You may want to provide access to the member functions and static functions as well. Here is a full implementation.

class MyBaseClass
{
    protected static $friendClasses = array();

    public function __call($name, $args)
    {
        if (
            MySettings::$inProduction ||
            (
                ($trace = debug_backtrace(DEBUG_BACKTRACE_IGNORE_ARGS)) &&
                 (isset($trace[2]['class']) && in_array($trace[2]['class'], static::$friendClasses))
            )
        ) {
            return call_user_func_array(array($this, $name), $args);
        } else {
            trigger_error('Function not available: ' . $name, E_USER_ERROR);
        }
    }

    public static function __callStatic($name, $args)
    {
        if (
            MySettings::$inProduction ||
            (
                ($trace = debug_backtrace(DEBUG_BACKTRACE_IGNORE_ARGS)) &&
                 (isset($trace[2]['class']) && in_array($trace[2]['class'], static::$friendClasses))
            )
        ) {
            return call_user_func_array(array(get_called_class(), $name), $args);
        } else {
            trigger_error('Function not available: ' . $name, E_USER_ERROR);
        }
    }

    public function __get($name)
    {
        if (
            MySettings::$inProduction ||
            (
                ($trace = debug_backtrace(DEBUG_BACKTRACE_IGNORE_ARGS)) &&
                 (isset($trace[1]['class']) && in_array($trace[1]['class'], static::$friendClasses))
            )
        ) {
            return $this->$name;
        } else {
            trigger_error('Member not available: ' . $name, E_USER_ERROR);
        }
    }
}

Final remarks

This technique may be a valuable addition to your OOP toolkit.
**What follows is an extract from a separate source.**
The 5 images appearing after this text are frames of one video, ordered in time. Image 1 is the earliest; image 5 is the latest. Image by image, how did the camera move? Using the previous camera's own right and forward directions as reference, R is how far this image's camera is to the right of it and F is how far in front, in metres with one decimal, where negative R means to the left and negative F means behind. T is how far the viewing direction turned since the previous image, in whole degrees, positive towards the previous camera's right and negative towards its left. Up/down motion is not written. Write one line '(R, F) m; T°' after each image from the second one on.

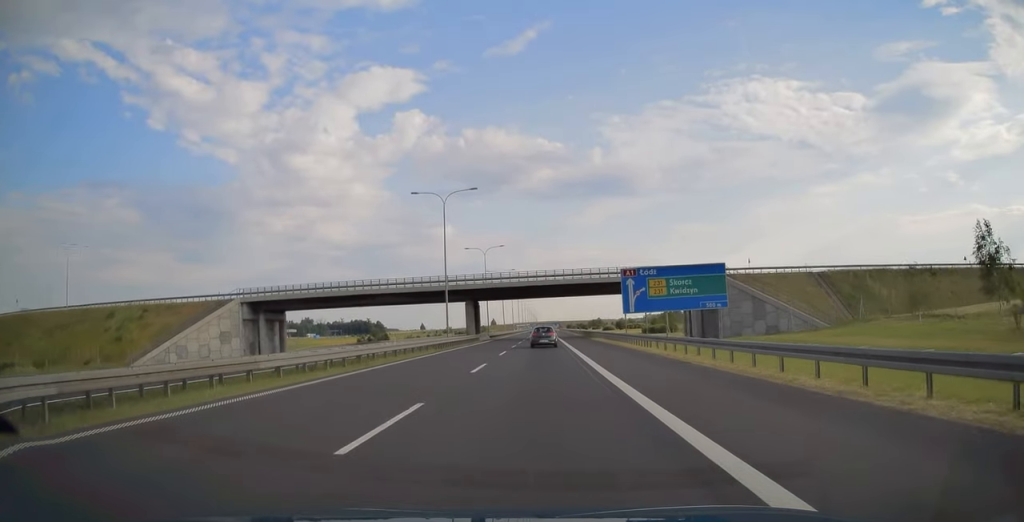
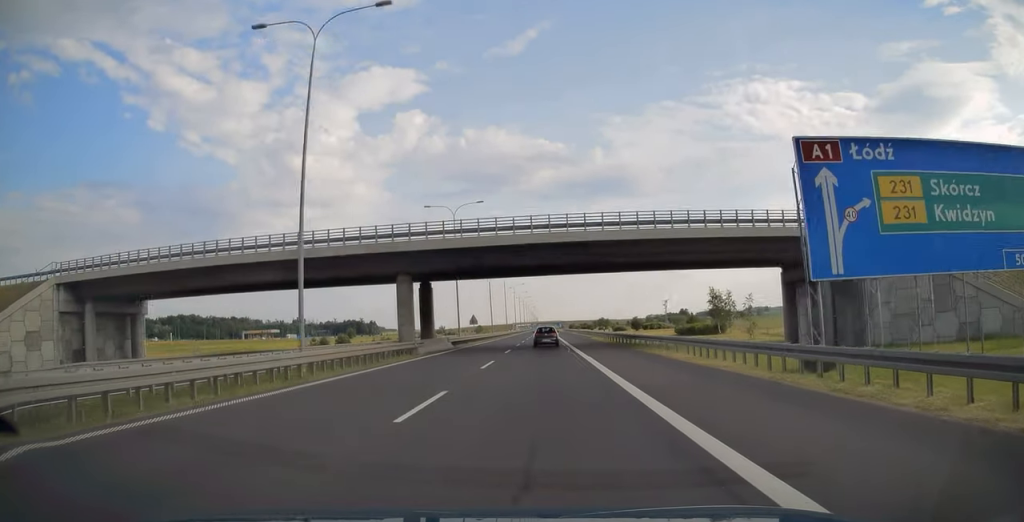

If used sparingly and wisely, it may bring speed, improved encapsulation(!) and more profound tests. Used badly, it is just a lame excuse for making all members public.

This code can be extended to created more complicated access mechanisms. You may want to grant friend access to classes in the same package (as Java does with its keyword protected). Or you may grant access to classes in the same file. And you may limit access only to certain methods of certain classes (friend functions).